Die sogenannte „Zwei-Prozent-Regel“ ist im eigentlichen Sinn übrigens keine Regel, d.h. gar kein fest vereinbartes Ziel, wie Prof. Dr. Grözinger von der Europa-Universität Flensburg im „Wirtschaftsdienst“ belegt (101. Jahrgang, 2021, Heft 6, S. 409). Es wurde von den USA zwar länger gefordert, aber lange Zeit ohne Erfolg. Erst 2014 ist bei einem NATO-Gipfel vereinbart worden, dass dies eine „Zielmarke“ sei. Allerdings, wie es in einem Arbeitspapier der Bundesakademie für Sicherheitspolitik heißt, eher weich formuliert: „Das Gipfelkommuniqué fordert, dass die NATO-Mitglieder, die unter dem Zwei-Prozent-Wert liegen, sich in den kommenden 10 Jahren, also bis 2024, auf diesen ‚zubewegen‘ sollen“ (Kamp, 2019). Sich auf eine Marke zuzubewegen ist doch etwas anderes, als diese zu erreichen. Insofern sehe ich hier Verhandlungspotenzial für DIE LINKE, sollte es bei Sondierungsgesprächen zu dieser Frage kommen.

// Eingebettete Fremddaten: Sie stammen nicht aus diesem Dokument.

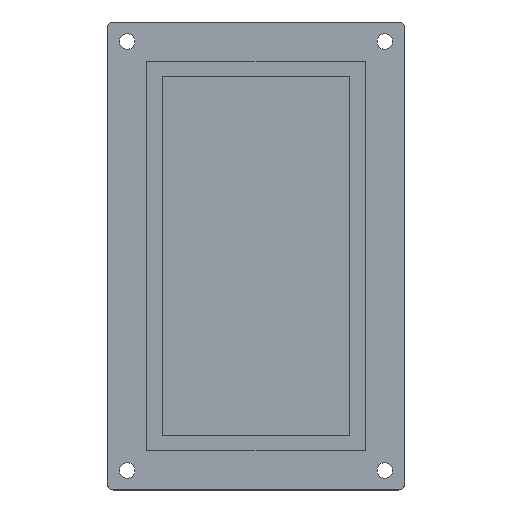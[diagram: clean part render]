
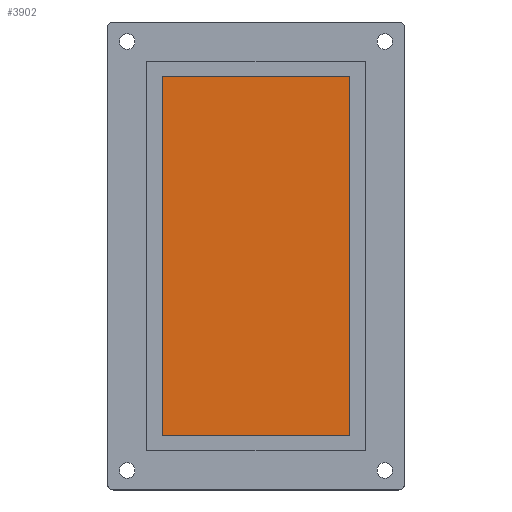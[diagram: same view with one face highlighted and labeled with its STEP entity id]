
A CAD part, top view. The second image highlights one B-rep face of the part: STEP entity #3902.
In plain terms, the highlighted planar face has unit normal (0, 0, 1).
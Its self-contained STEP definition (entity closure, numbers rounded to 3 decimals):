
#2816 = PLANE('',#2817);
#2817 = AXIS2_PLACEMENT_3D('',#2818,#2819,#2820);
#2818 = CARTESIAN_POINT('',(-11.97,22.892,4.));
#2819 = DIRECTION('',(0.,-1.,0.));
#2820 = DIRECTION('',(1.,0.,0.));
#2844 = PLANE('',#2845);
#2845 = AXIS2_PLACEMENT_3D('',#2846,#2847,#2848);
#2846 = CARTESIAN_POINT('',(-11.97,-22.892,4.));
#2847 = DIRECTION('',(1.,0.,0.));
#2848 = DIRECTION('',(0.,1.,0.));
#2872 = PLANE('',#2873);
#2873 = AXIS2_PLACEMENT_3D('',#2874,#2875,#2876);
#2874 = CARTESIAN_POINT('',(11.97,-22.892,4.));
#2875 = DIRECTION('',(0.,1.,0.));
#2876 = DIRECTION('',(-1.,0.,0.));
#2898 = PLANE('',#2899);
#2899 = AXIS2_PLACEMENT_3D('',#2900,#2901,#2902);
#2900 = CARTESIAN_POINT('',(11.97,22.892,4.));
#2901 = DIRECTION('',(-1.,0.,0.));
#2902 = DIRECTION('',(0.,-1.,0.));
#3706 = VERTEX_POINT('',#3707);
#3707 = CARTESIAN_POINT('',(-11.97,22.892,1.));
#3728 = EDGE_CURVE('',#3706,#3729,#3731,.T.);
#3729 = VERTEX_POINT('',#3730);
#3730 = CARTESIAN_POINT('',(11.97,22.892,1.));
#3731 = SURFACE_CURVE('',#3732,(#3736,#3743),.PCURVE_S1.);
#3732 = LINE('',#3733,#3734);
#3733 = CARTESIAN_POINT('',(-11.97,22.892,1.));
#3734 = VECTOR('',#3735,1.);
#3735 = DIRECTION('',(1.,0.,0.));
#3736 = PCURVE('',#2816,#3737);
#3737 = DEFINITIONAL_REPRESENTATION('',(#3738),#3742);
#3738 = LINE('',#3739,#3740);
#3739 = CARTESIAN_POINT('',(0.,-3.));
#3740 = VECTOR('',#3741,1.);
#3741 = DIRECTION('',(1.,0.));
#3742 = ( GEOMETRIC_REPRESENTATION_CONTEXT(2) 
PARAMETRIC_REPRESENTATION_CONTEXT() REPRESENTATION_CONTEXT('2D SPACE',''
  ) );
#3743 = PCURVE('',#3744,#3749);
#3744 = PLANE('',#3745);
#3745 = AXIS2_PLACEMENT_3D('',#3746,#3747,#3748);
#3746 = CARTESIAN_POINT('',(0.,0.,1.));
#3747 = DIRECTION('',(-0.,-0.,-1.));
#3748 = DIRECTION('',(-1.,0.,0.));
#3749 = DEFINITIONAL_REPRESENTATION('',(#3750),#3754);
#3750 = LINE('',#3751,#3752);
#3751 = CARTESIAN_POINT('',(11.97,22.892));
#3752 = VECTOR('',#3753,1.);
#3753 = DIRECTION('',(-1.,0.));
#3754 = ( GEOMETRIC_REPRESENTATION_CONTEXT(2) 
PARAMETRIC_REPRESENTATION_CONTEXT() REPRESENTATION_CONTEXT('2D SPACE',''
  ) );
#3782 = EDGE_CURVE('',#3729,#3783,#3785,.T.);
#3783 = VERTEX_POINT('',#3784);
#3784 = CARTESIAN_POINT('',(11.97,-22.892,1.));
#3785 = SURFACE_CURVE('',#3786,(#3790,#3797),.PCURVE_S1.);
#3786 = LINE('',#3787,#3788);
#3787 = CARTESIAN_POINT('',(11.97,22.892,1.));
#3788 = VECTOR('',#3789,1.);
#3789 = DIRECTION('',(0.,-1.,0.));
#3790 = PCURVE('',#2898,#3791);
#3791 = DEFINITIONAL_REPRESENTATION('',(#3792),#3796);
#3792 = LINE('',#3793,#3794);
#3793 = CARTESIAN_POINT('',(0.,-3.));
#3794 = VECTOR('',#3795,1.);
#3795 = DIRECTION('',(1.,0.));
#3796 = ( GEOMETRIC_REPRESENTATION_CONTEXT(2) 
PARAMETRIC_REPRESENTATION_CONTEXT() REPRESENTATION_CONTEXT('2D SPACE',''
  ) );
#3797 = PCURVE('',#3744,#3798);
#3798 = DEFINITIONAL_REPRESENTATION('',(#3799),#3803);
#3799 = LINE('',#3800,#3801);
#3800 = CARTESIAN_POINT('',(-11.97,22.892));
#3801 = VECTOR('',#3802,1.);
#3802 = DIRECTION('',(0.,-1.));
#3803 = ( GEOMETRIC_REPRESENTATION_CONTEXT(2) 
PARAMETRIC_REPRESENTATION_CONTEXT() REPRESENTATION_CONTEXT('2D SPACE',''
  ) );
#3831 = EDGE_CURVE('',#3783,#3832,#3834,.T.);
#3832 = VERTEX_POINT('',#3833);
#3833 = CARTESIAN_POINT('',(-11.97,-22.892,1.));
#3834 = SURFACE_CURVE('',#3835,(#3839,#3846),.PCURVE_S1.);
#3835 = LINE('',#3836,#3837);
#3836 = CARTESIAN_POINT('',(11.97,-22.892,1.));
#3837 = VECTOR('',#3838,1.);
#3838 = DIRECTION('',(-1.,0.,0.));
#3839 = PCURVE('',#2872,#3840);
#3840 = DEFINITIONAL_REPRESENTATION('',(#3841),#3845);
#3841 = LINE('',#3842,#3843);
#3842 = CARTESIAN_POINT('',(0.,-3.));
#3843 = VECTOR('',#3844,1.);
#3844 = DIRECTION('',(1.,0.));
#3845 = ( GEOMETRIC_REPRESENTATION_CONTEXT(2) 
PARAMETRIC_REPRESENTATION_CONTEXT() REPRESENTATION_CONTEXT('2D SPACE',''
  ) );
#3846 = PCURVE('',#3744,#3847);
#3847 = DEFINITIONAL_REPRESENTATION('',(#3848),#3852);
#3848 = LINE('',#3849,#3850);
#3849 = CARTESIAN_POINT('',(-11.97,-22.892));
#3850 = VECTOR('',#3851,1.);
#3851 = DIRECTION('',(1.,0.));
#3852 = ( GEOMETRIC_REPRESENTATION_CONTEXT(2) 
PARAMETRIC_REPRESENTATION_CONTEXT() REPRESENTATION_CONTEXT('2D SPACE',''
  ) );
#3880 = EDGE_CURVE('',#3832,#3706,#3881,.T.);
#3881 = SURFACE_CURVE('',#3882,(#3886,#3893),.PCURVE_S1.);
#3882 = LINE('',#3883,#3884);
#3883 = CARTESIAN_POINT('',(-11.97,-22.892,1.));
#3884 = VECTOR('',#3885,1.);
#3885 = DIRECTION('',(0.,1.,0.));
#3886 = PCURVE('',#2844,#3887);
#3887 = DEFINITIONAL_REPRESENTATION('',(#3888),#3892);
#3888 = LINE('',#3889,#3890);
#3889 = CARTESIAN_POINT('',(0.,-3.));
#3890 = VECTOR('',#3891,1.);
#3891 = DIRECTION('',(1.,0.));
#3892 = ( GEOMETRIC_REPRESENTATION_CONTEXT(2) 
PARAMETRIC_REPRESENTATION_CONTEXT() REPRESENTATION_CONTEXT('2D SPACE',''
  ) );
#3893 = PCURVE('',#3744,#3894);
#3894 = DEFINITIONAL_REPRESENTATION('',(#3895),#3899);
#3895 = LINE('',#3896,#3897);
#3896 = CARTESIAN_POINT('',(11.97,-22.892));
#3897 = VECTOR('',#3898,1.);
#3898 = DIRECTION('',(0.,1.));
#3899 = ( GEOMETRIC_REPRESENTATION_CONTEXT(2) 
PARAMETRIC_REPRESENTATION_CONTEXT() REPRESENTATION_CONTEXT('2D SPACE',''
  ) );
#3902 = ADVANCED_FACE('',(#3903),#3744,.F.);
#3903 = FACE_BOUND('',#3904,.F.);
#3904 = EDGE_LOOP('',(#3905,#3906,#3907,#3908));
#3905 = ORIENTED_EDGE('',*,*,#3728,.T.);
#3906 = ORIENTED_EDGE('',*,*,#3782,.T.);
#3907 = ORIENTED_EDGE('',*,*,#3831,.T.);
#3908 = ORIENTED_EDGE('',*,*,#3880,.T.);

Sehr geehrter Herr B., einem Abstimmungsprozess gehen immer lange Diskussionen voran. Internationale Problemlagen mit potenziellen Kriegsentwicklungen präventiv zu entschärfen, ist oft erfolgreicher und auch ökonomisch sparsamer, als sie später mit Soldaten und Soldatinnen gewinnen zu wollen. Ist zudem in einem Krisengebiet bereits das heimische Militär kostspielig aktiv, ist es politisch fast unmöglich, noch ausreichend Ressourcen für Zivilprojekte zu mobilisieren. Dies habe ich immer als Maßstab für meine Abstimmungsverhalten angewendet und werde dies auch in Zukunft tun.

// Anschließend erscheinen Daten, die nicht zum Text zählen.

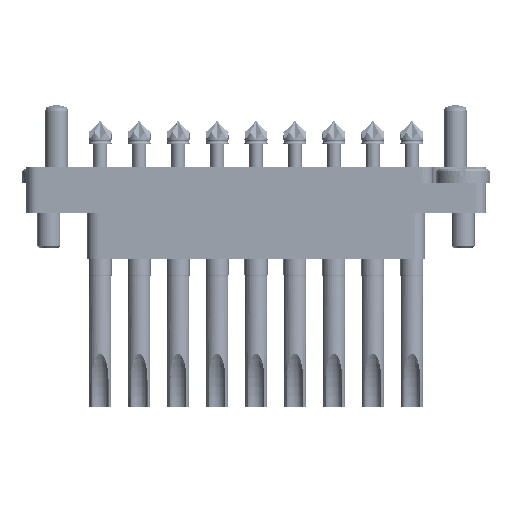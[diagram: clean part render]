
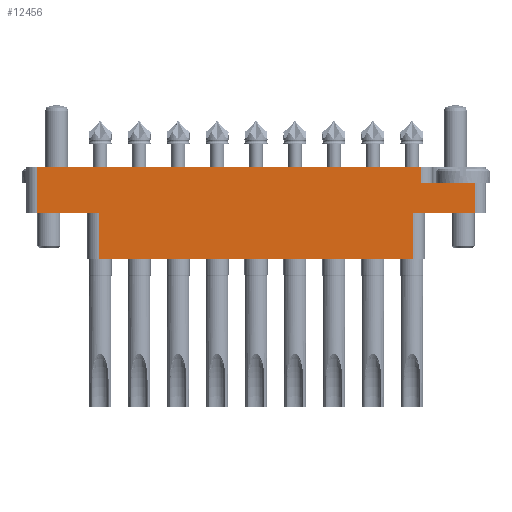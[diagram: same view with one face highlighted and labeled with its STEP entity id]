
A CAD part, left-side view. The second image highlights one B-rep face of the part: STEP entity #12456.
In plain terms, the highlighted planar face has unit normal (-1, 0, 0).
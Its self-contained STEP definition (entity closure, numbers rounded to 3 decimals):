
#233 = VECTOR ( 'NONE', #8215, 1000. ) ;
#1092 = CARTESIAN_POINT ( 'NONE',  ( -14.35, 20.5, -6. ) ) ;
#1712 = LINE ( 'NONE', #27601, #233 ) ;
#3233 = DIRECTION ( 'NONE',  ( 0., -1., 0. ) ) ;
#3302 = VERTEX_POINT ( 'NONE', #17399 ) ;
#3308 = ORIENTED_EDGE ( 'NONE', *, *, #7392, .T. ) ;
#3649 = VERTEX_POINT ( 'NONE', #16046 ) ;
#4114 = ORIENTED_EDGE ( 'NONE', *, *, #6885, .F. ) ;
#4123 = ORIENTED_EDGE ( 'NONE', *, *, #20028, .T. ) ;
#4478 = CARTESIAN_POINT ( 'NONE',  ( -14.35, 20.5, -12. ) ) ;
#4600 = VERTEX_POINT ( 'NONE', #27354 ) ;
#4791 = EDGE_CURVE ( 'NONE', #4600, #3302, #13232, .T. ) ;
#5580 = VERTEX_POINT ( 'NONE', #23659 ) ;
#5781 = DIRECTION ( 'NONE',  ( 0., 0., 1. ) ) ;
#6041 = DIRECTION ( 'NONE',  ( 0., 0., -1. ) ) ;
#6885 = EDGE_CURVE ( 'NONE', #24813, #3302, #20965, .T. ) ;
#6969 = VECTOR ( 'NONE', #3233, 1000. ) ;
#7392 = EDGE_CURVE ( 'NONE', #5580, #3649, #24278, .T. ) ;
#7395 = DIRECTION ( 'NONE',  ( 0., -1., 0. ) ) ;
#8171 = VECTOR ( 'NONE', #25716, 1000. ) ;
#8215 = DIRECTION ( 'NONE',  ( 0., -1., 0. ) ) ;
#8476 = ORIENTED_EDGE ( 'NONE', *, *, #8660, .T. ) ;
#8660 = EDGE_CURVE ( 'NONE', #24813, #14417, #26282, .T. ) ;
#8942 = EDGE_LOOP ( 'NONE', ( #23526, #16728, #4114, #8476, #19931, #4123, #15802, #25524, #3308, #11899 ) ) ;
#10196 = DIRECTION ( 'NONE',  ( 0., -1., 0. ) ) ;
#10976 = CARTESIAN_POINT ( 'NONE',  ( -14.35, 28.5, -6. ) ) ;
#11899 = ORIENTED_EDGE ( 'NONE', *, *, #18111, .T. ) ;
#12456 = ADVANCED_FACE ( 'NONE', ( #23608 ), #16812, .T. ) ;
#12708 = VECTOR ( 'NONE', #22020, 1000. ) ;
#12714 = VECTOR ( 'NONE', #6041, 1000. ) ;
#13197 = EDGE_CURVE ( 'NONE', #14417, #18967, #15843, .T. ) ;
#13232 = LINE ( 'NONE', #24145, #12708 ) ;
#13726 = LINE ( 'NONE', #17709, #21648 ) ;
#13753 = EDGE_CURVE ( 'NONE', #4600, #14566, #1712, .T. ) ;
#14417 = VERTEX_POINT ( 'NONE', #20539 ) ;
#14566 = VERTEX_POINT ( 'NONE', #21512 ) ;
#14971 = CARTESIAN_POINT ( 'NONE',  ( -14.35, 30., -6. ) ) ;
#15236 = VERTEX_POINT ( 'NONE', #4478 ) ;
#15802 = ORIENTED_EDGE ( 'NONE', *, *, #17580, .F. ) ;
#15843 = LINE ( 'NONE', #22372, #18359 ) ;
#16046 = CARTESIAN_POINT ( 'NONE',  ( -14.35, -28.5, -6. ) ) ;
#16220 = CARTESIAN_POINT ( 'NONE',  ( -14.35, 28.5, 0. ) ) ;
#16703 = CARTESIAN_POINT ( 'NONE',  ( -14.35, 30., 0. ) ) ;
#16728 = ORIENTED_EDGE ( 'NONE', *, *, #4791, .T. ) ;
#16812 = PLANE ( 'NONE',  #21105 ) ;
#16909 = CARTESIAN_POINT ( 'NONE',  ( -14.35, 22., -12. ) ) ;
#17166 = LINE ( 'NONE', #25421, #12714 ) ;
#17304 = CARTESIAN_POINT ( 'NONE',  ( -14.35, -20.5, -12. ) ) ;
#17399 = CARTESIAN_POINT ( 'NONE',  ( -14.35, -21.53, 0. ) ) ;
#17580 = EDGE_CURVE ( 'NONE', #26777, #15236, #19185, .T. ) ;
#17709 = CARTESIAN_POINT ( 'NONE',  ( -14.35, -28.5, -6. ) ) ;
#18111 = EDGE_CURVE ( 'NONE', #3649, #14566, #13726, .T. ) ;
#18359 = VECTOR ( 'NONE', #7395, 1000. ) ;
#18494 = CARTESIAN_POINT ( 'NONE',  ( -14.35, -20.5, -6. ) ) ;
#18581 = VECTOR ( 'NONE', #5781, 1000. ) ;
#18967 = VERTEX_POINT ( 'NONE', #1092 ) ;
#19185 = LINE ( 'NONE', #16909, #8171 ) ;
#19593 = DIRECTION ( 'NONE',  ( 0., 0., -1. ) ) ;
#19691 = DIRECTION ( 'NONE',  ( 0., 0., 1. ) ) ;
#19742 = VECTOR ( 'NONE', #19593, 1000. ) ;
#19931 = ORIENTED_EDGE ( 'NONE', *, *, #13197, .T. ) ;
#20028 = EDGE_CURVE ( 'NONE', #18967, #15236, #17166, .T. ) ;
#20298 = EDGE_CURVE ( 'NONE', #26777, #5580, #25152, .T. ) ;
#20539 = CARTESIAN_POINT ( 'NONE',  ( -14.35, 28.5, -6. ) ) ;
#20687 = DIRECTION ( 'NONE',  ( 0., -1., 0. ) ) ;
#20965 = LINE ( 'NONE', #16703, #24787 ) ;
#21105 = AXIS2_PLACEMENT_3D ( 'NONE', #14971, #23481, #10196 ) ;
#21512 = CARTESIAN_POINT ( 'NONE',  ( -14.35, -28.5, -2.1 ) ) ;
#21648 = VECTOR ( 'NONE', #19691, 1000. ) ;
#22020 = DIRECTION ( 'NONE',  ( 0., 0., 1. ) ) ;
#22165 = CARTESIAN_POINT ( 'NONE',  ( -14.35, 30., -6. ) ) ;
#22372 = CARTESIAN_POINT ( 'NONE',  ( -14.35, 30., -6. ) ) ;
#23481 = DIRECTION ( 'NONE',  ( -1., 0., 0. ) ) ;
#23526 = ORIENTED_EDGE ( 'NONE', *, *, #13753, .F. ) ;
#23608 = FACE_OUTER_BOUND ( 'NONE', #8942, .T. ) ;
#23659 = CARTESIAN_POINT ( 'NONE',  ( -14.35, -20.5, -6. ) ) ;
#24145 = CARTESIAN_POINT ( 'NONE',  ( -14.35, -21.53, 0. ) ) ;
#24278 = LINE ( 'NONE', #22165, #6969 ) ;
#24787 = VECTOR ( 'NONE', #20687, 1000. ) ;
#24813 = VERTEX_POINT ( 'NONE', #16220 ) ;
#25152 = LINE ( 'NONE', #18494, #18581 ) ;
#25421 = CARTESIAN_POINT ( 'NONE',  ( -14.35, 20.5, -12. ) ) ;
#25524 = ORIENTED_EDGE ( 'NONE', *, *, #20298, .T. ) ;
#25716 = DIRECTION ( 'NONE',  ( 0., 1., 0. ) ) ;
#26282 = LINE ( 'NONE', #10976, #19742 ) ;
#26777 = VERTEX_POINT ( 'NONE', #17304 ) ;
#27354 = CARTESIAN_POINT ( 'NONE',  ( -14.35, -21.53, -2.1 ) ) ;
#27601 = CARTESIAN_POINT ( 'NONE',  ( -14.35, -30., -2.1 ) ) ;

Das Beispiel Afghanistan mit sehr hohen Ausgaben für militärische Präsenz und relativ geringen für zivilen Aufbau belegt diese These aktuell wieder. Für Deutschland liegen die finanziellen Belastungen des Einsatzes bei 12,2 Mrd. Euro für die Bundeswehr und nur 425 Mio. Euro für humanitäre Hilfe (Tagesschau, 2021). Der Ausgang dieses „Abenteuers“ ist bekannt.